TASK INPUTS:
========

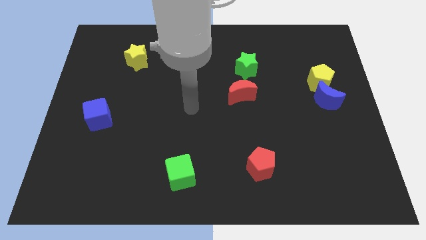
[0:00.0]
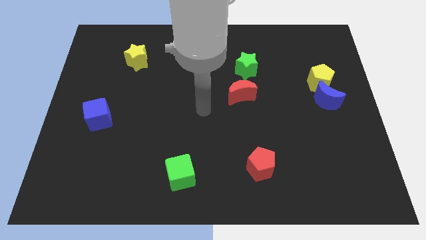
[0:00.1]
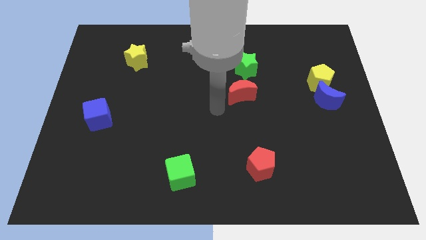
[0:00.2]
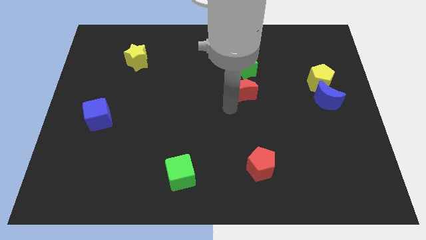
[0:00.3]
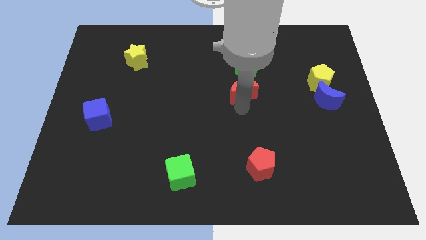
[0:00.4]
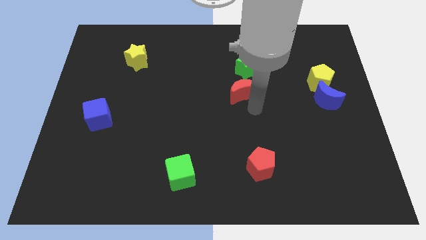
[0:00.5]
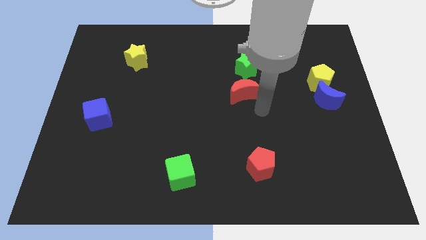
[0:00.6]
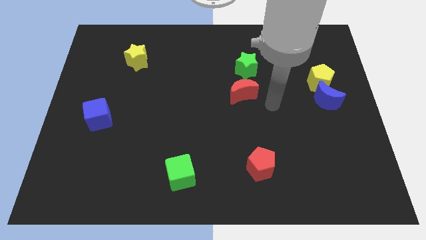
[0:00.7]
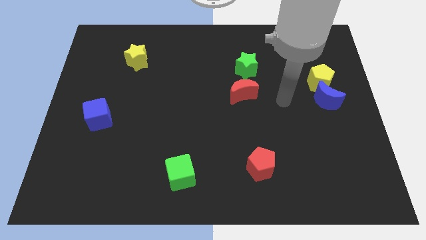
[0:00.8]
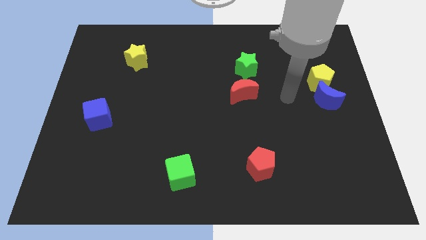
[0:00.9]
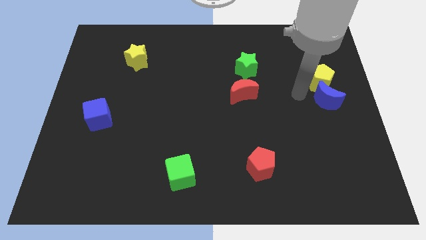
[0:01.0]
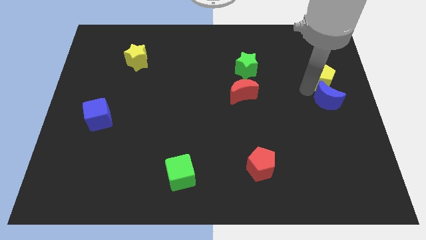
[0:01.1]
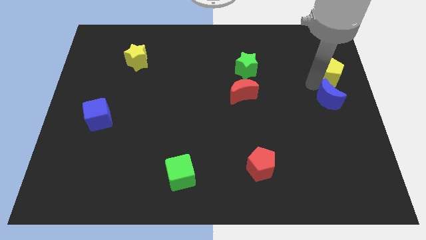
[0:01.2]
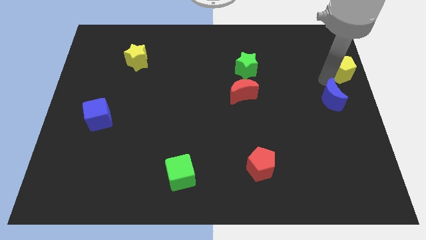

========

EXERCISE INSTRUCTIONS: Exact copy, no pictures: write out all the records above.

RESULT OF THIS EXERCISE:
[0:00.0]
[0:00.1]
[0:00.2]
[0:00.3]
[0:00.4]
[0:00.5]
[0:00.6]
[0:00.7]
[0:00.8]
[0:00.9]
[0:01.0]
[0:01.1]
[0:01.2]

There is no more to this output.